PROBLEM: Please reproduce the entries below exactly, omitting any images they contain.

··· SUPPLIED MATERIAL ···

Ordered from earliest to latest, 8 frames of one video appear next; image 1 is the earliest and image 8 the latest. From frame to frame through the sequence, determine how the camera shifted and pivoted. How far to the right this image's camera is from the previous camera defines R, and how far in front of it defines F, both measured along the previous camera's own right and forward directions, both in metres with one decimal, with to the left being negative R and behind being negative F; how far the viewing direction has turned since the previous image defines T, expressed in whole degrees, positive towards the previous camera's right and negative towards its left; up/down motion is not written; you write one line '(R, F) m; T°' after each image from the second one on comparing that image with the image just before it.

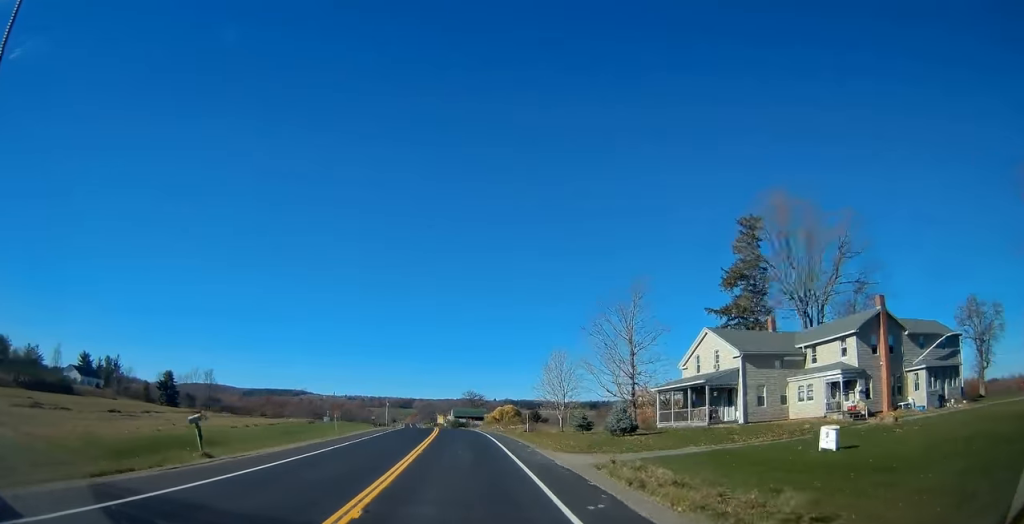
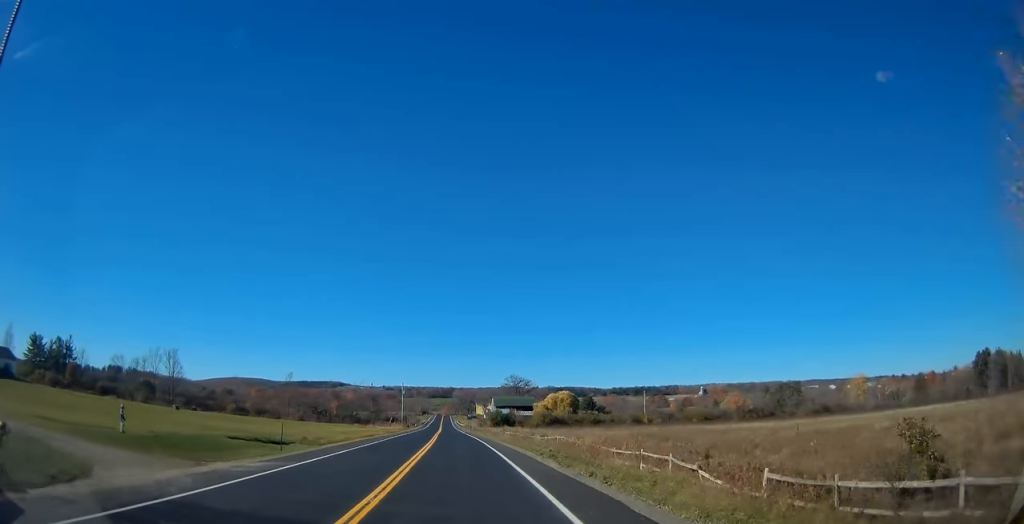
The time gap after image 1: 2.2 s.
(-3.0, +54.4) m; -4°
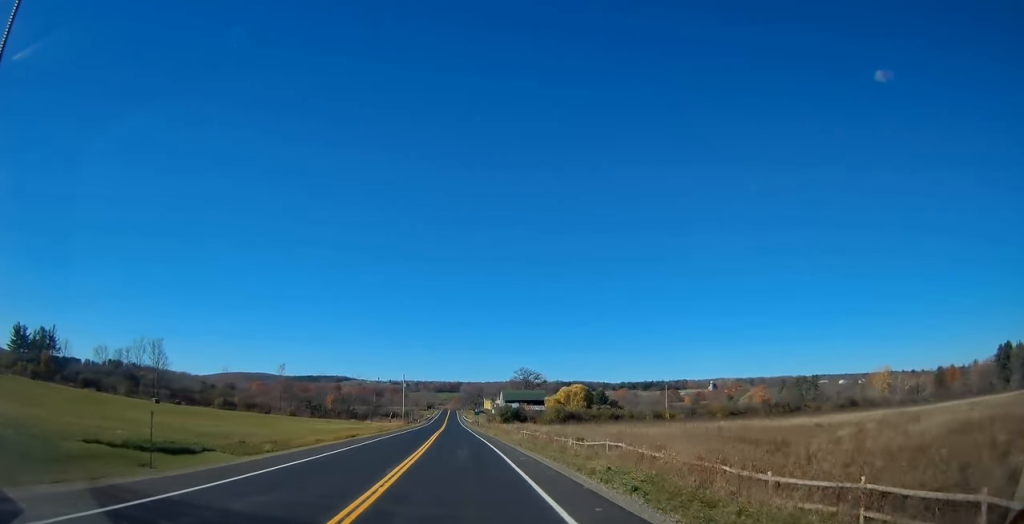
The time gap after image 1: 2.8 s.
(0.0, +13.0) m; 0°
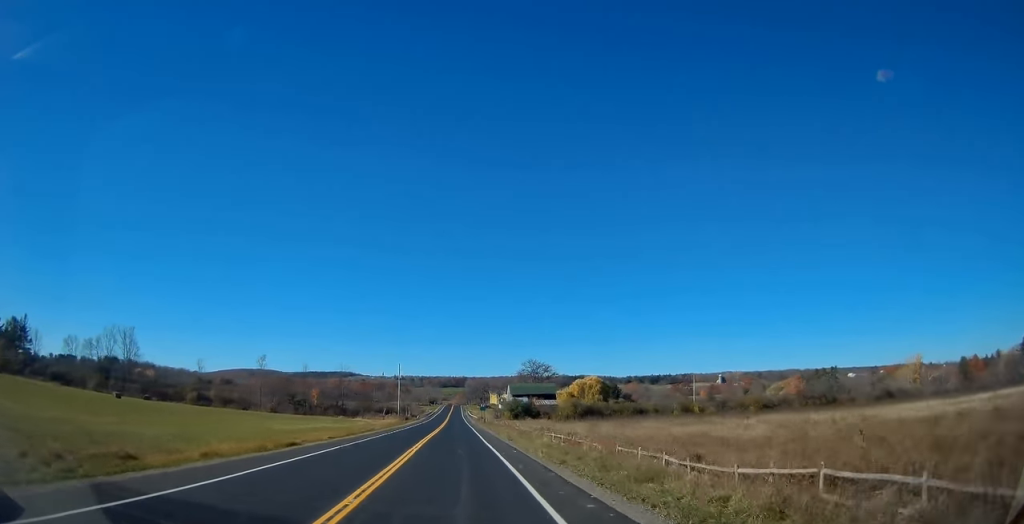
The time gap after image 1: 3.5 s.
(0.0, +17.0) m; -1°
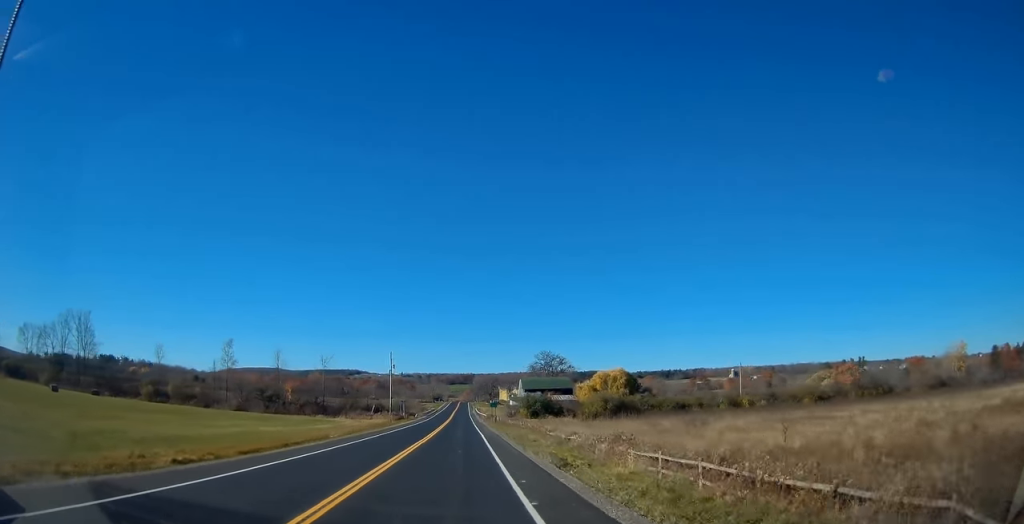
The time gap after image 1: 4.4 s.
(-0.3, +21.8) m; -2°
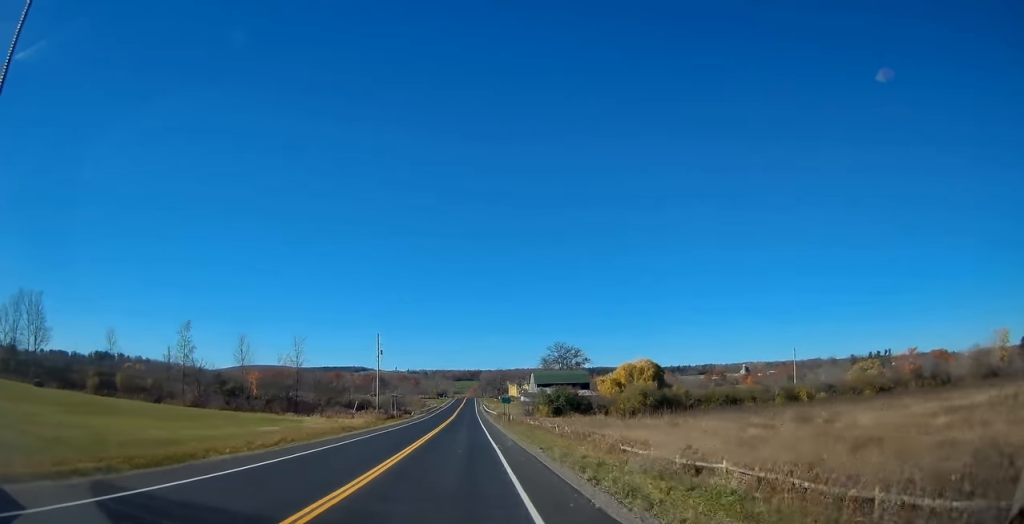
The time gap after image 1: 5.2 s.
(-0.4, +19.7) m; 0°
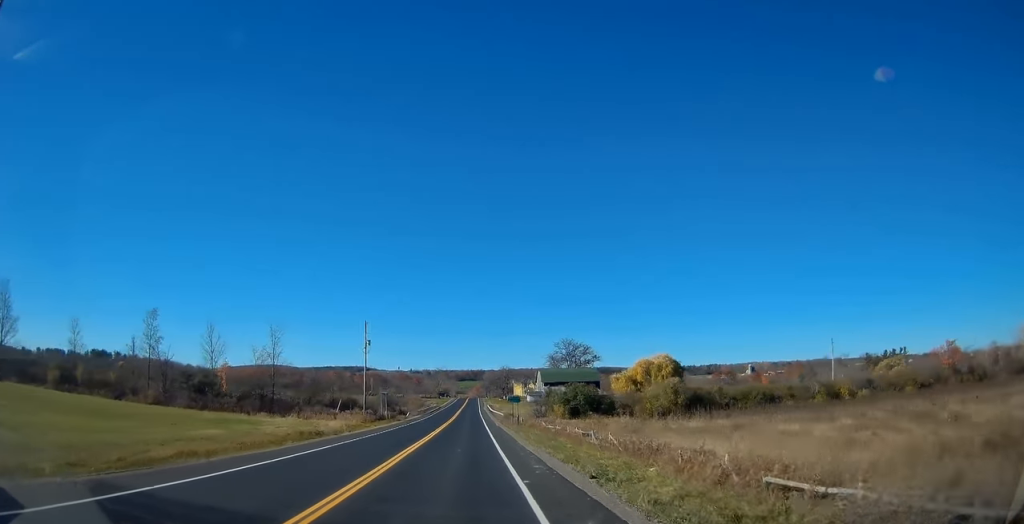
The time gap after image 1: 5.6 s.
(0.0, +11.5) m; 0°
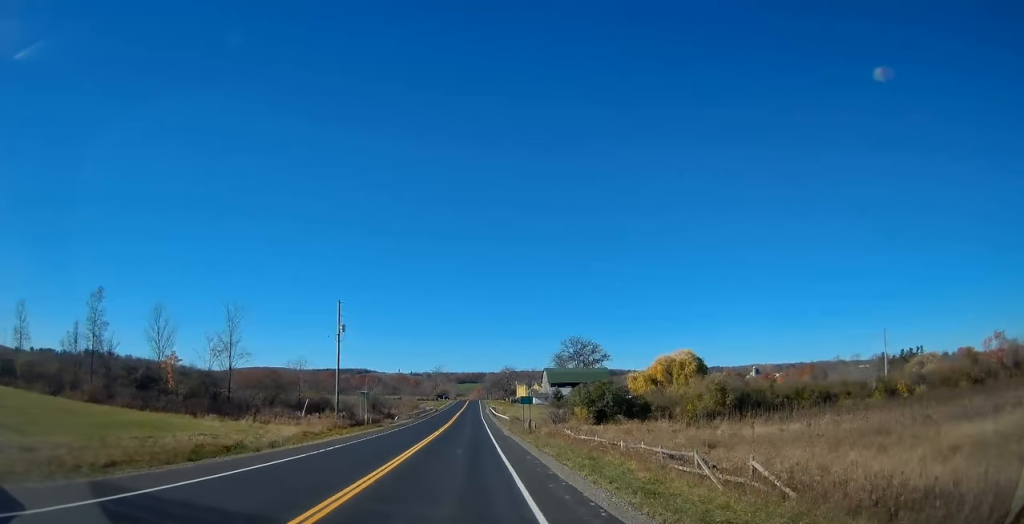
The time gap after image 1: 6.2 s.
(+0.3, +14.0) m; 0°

···

RESULT FOR THIS TASK:
Ordered from earliest to latest, 8 frames of one video appear next; image 1 is the earliest and image 8 the latest. From frame to frame through the sequence, determine how the camera shifted and pivoted. How far to the right this image's camera is from the previous camera defines R, and how far in front of it defines F, both measured along the previous camera's own right and forward directions, both in metres with one decimal, with to the left being negative R and behind being negative F; how far the viewing direction has turned since the previous image defines T, expressed in whole degrees, positive towards the previous camera's right and negative towards its left; up/down motion is not written; you write one line '(R, F) m; T°' after each image from the second one on comparing that image with the image just before it.

The time gap after image 1: 2.2 s.
(-3.0, +54.4) m; -4°
The time gap after image 1: 2.8 s.
(0.0, +13.0) m; 0°
The time gap after image 1: 3.5 s.
(0.0, +17.0) m; -1°
The time gap after image 1: 4.4 s.
(-0.3, +21.8) m; -2°
The time gap after image 1: 5.2 s.
(-0.4, +19.7) m; 0°
The time gap after image 1: 5.6 s.
(0.0, +11.5) m; 0°
The time gap after image 1: 6.2 s.
(+0.3, +14.0) m; 0°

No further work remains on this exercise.